Dynamic Programming-Based Redundancy Resolution for Path Planning of Redundant Manipulators Considering Breakpoints

This paper proposes a redundancy resolution algorithm for a redundant manipulator based on dynamic programming. This algorithm can compute the desired joint angles at each point on a pre-planned discrete path in Cartesian space, while ensuring that the angles, velocities, and accelerations of each joint do not exceed the manipulator's constraints. We obtain the analytical solution to the inverse kinematics problem of the manipulator using a parameterization method, transforming the redundancy resolution problem into an optimization problem of determining the parameters at each path point. The constraints on joint velocity and acceleration serve as constraints for the optimization problem. Then all feasible inverse kinematic solutions for each pose under the joint angle constraints of the manipulator are obtained through parameterization methods, and the globally optimal solution to this problem is obtained through the dynamic programming algorithm.
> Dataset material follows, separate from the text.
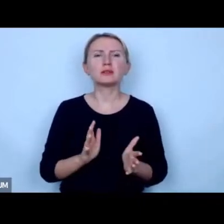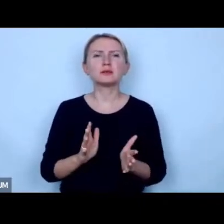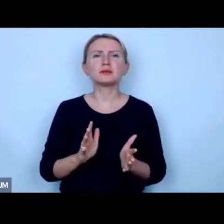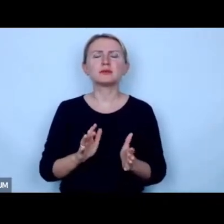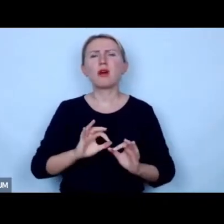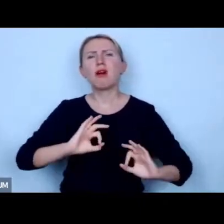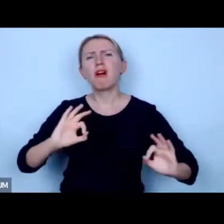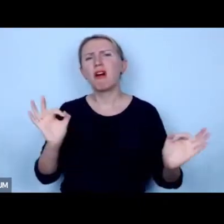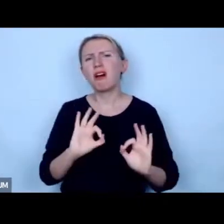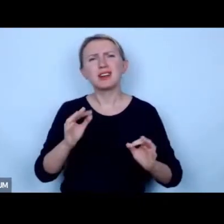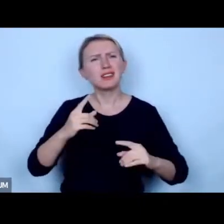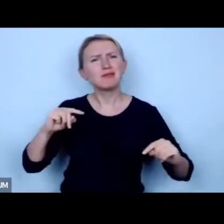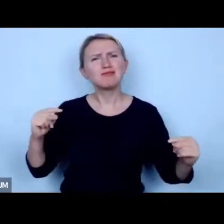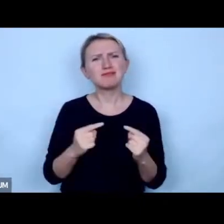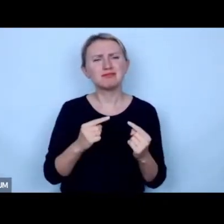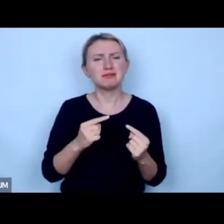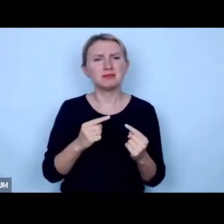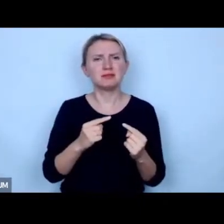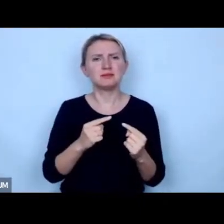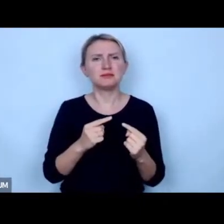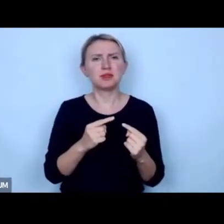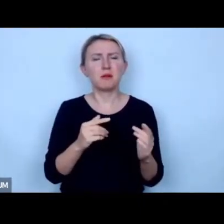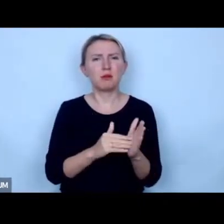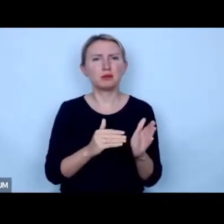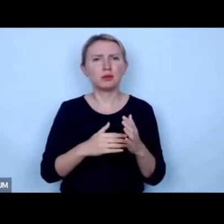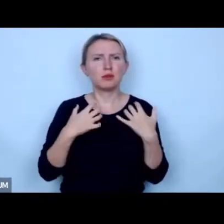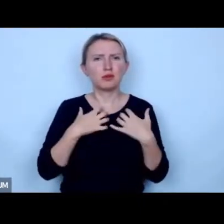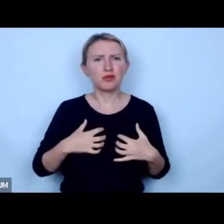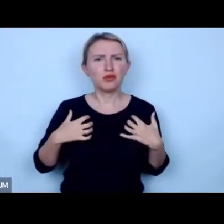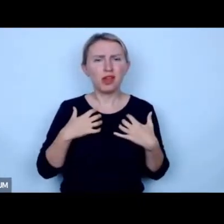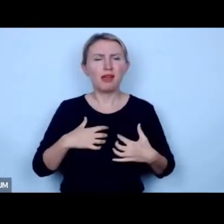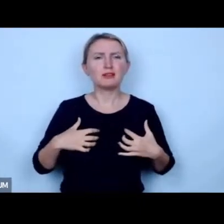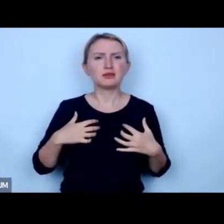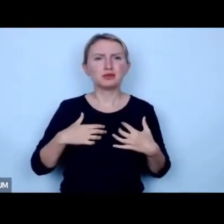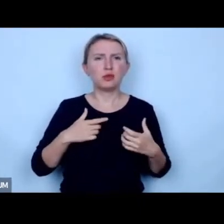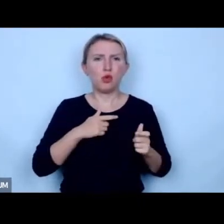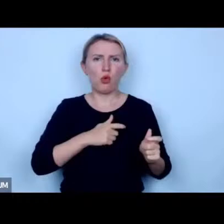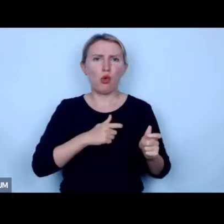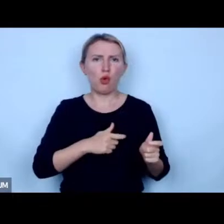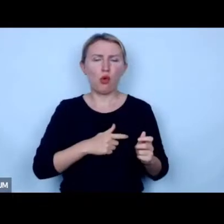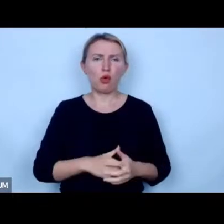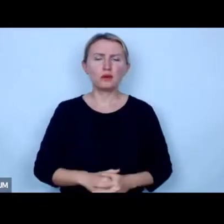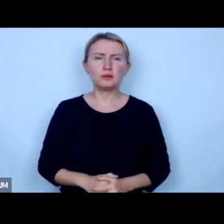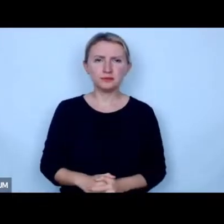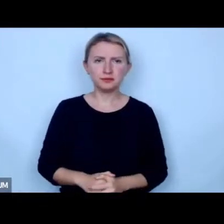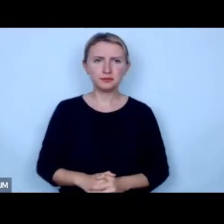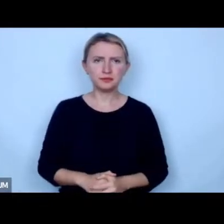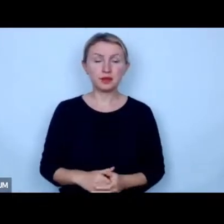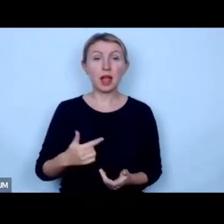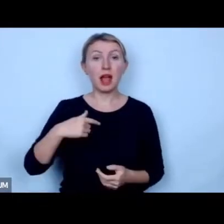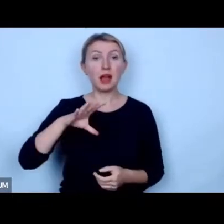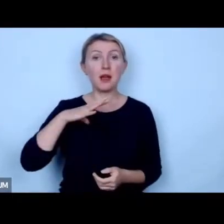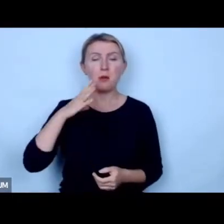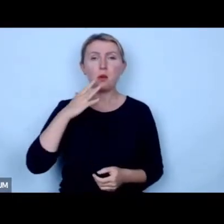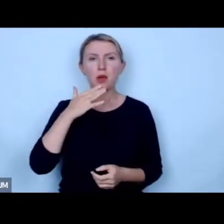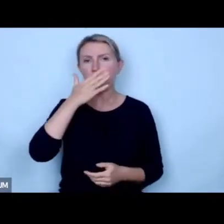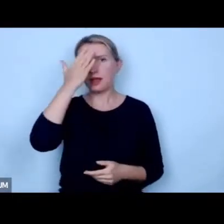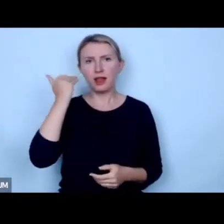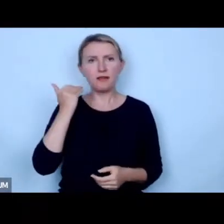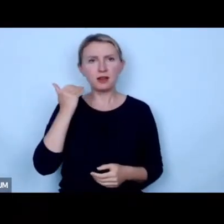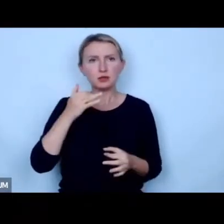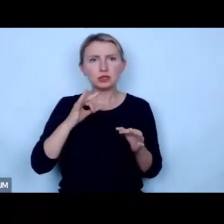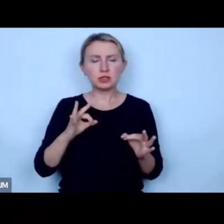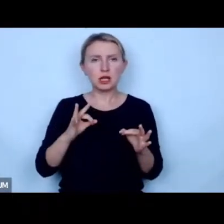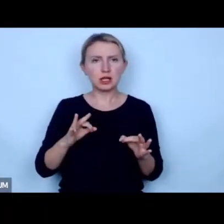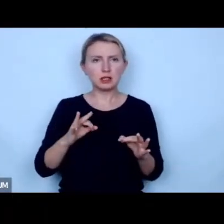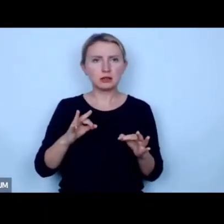skrajny nie odpowiadają gatunkowym potrzebom zwierząt które są hodowane natomiast tak jak mówiłem nie wiem czy w tym
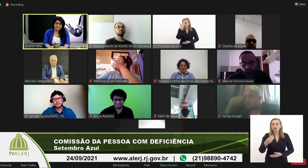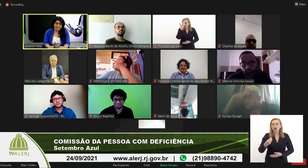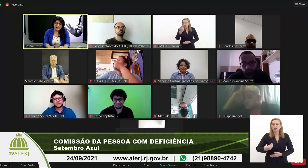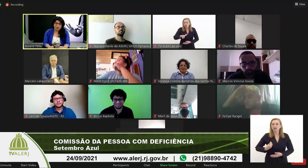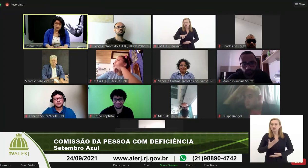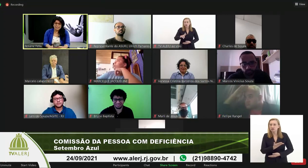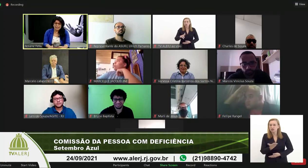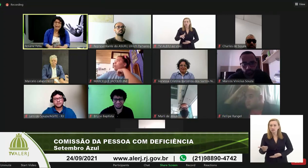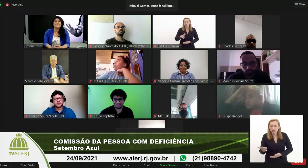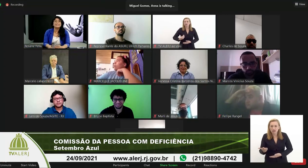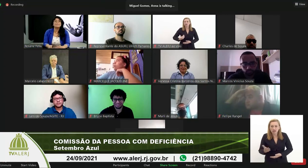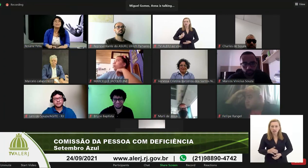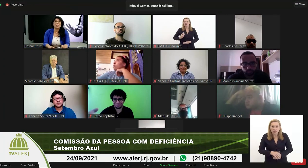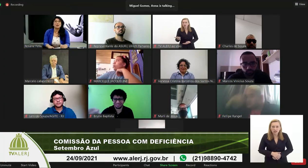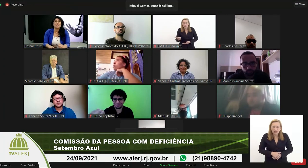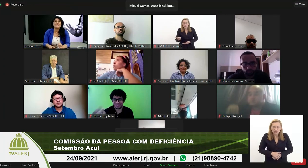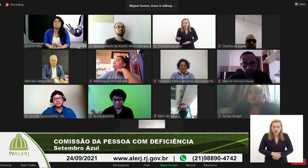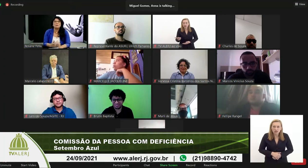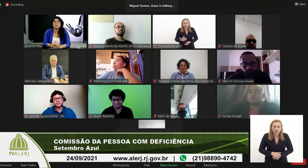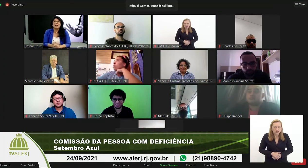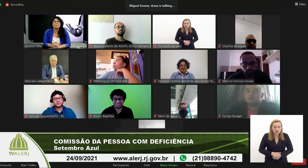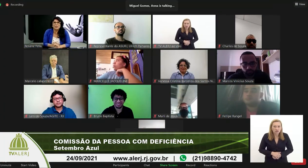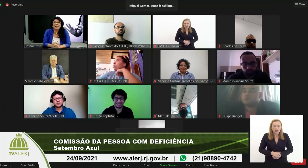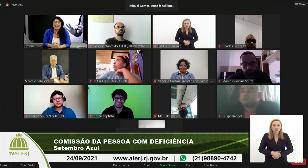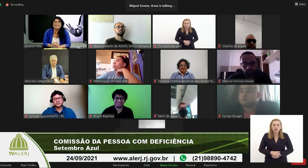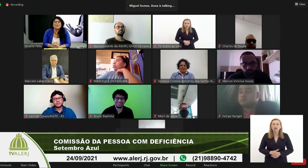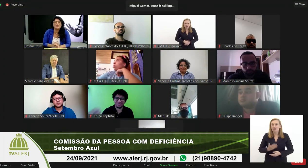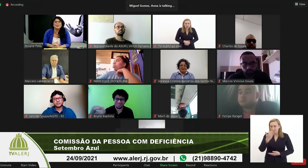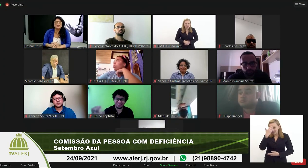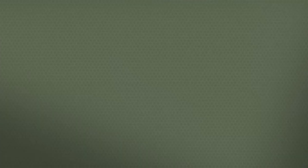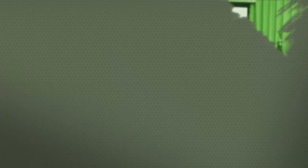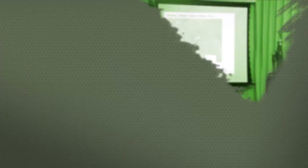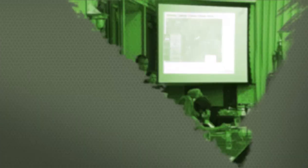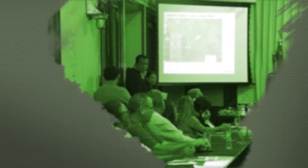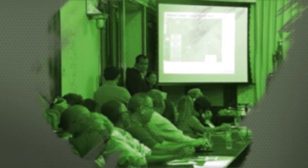muito obrigada

On the other hand, if a feasible joint-space path satisfying the constraints does not exist, the proposed algorithm can compute the minimum number of breakpoints required for the path and partition the path with as few breakpoints as possible to facilitate the manipulator's operation along the path. The algorithm can also determine the optimal selection of breakpoints to minimize the global cost function, rather than simply interrupting when the manipulator is unable to continue operating. The proposed algorithm is tested using a manipulator produced by a certain manufacturer, demonstrating the effectiveness of the algorithm.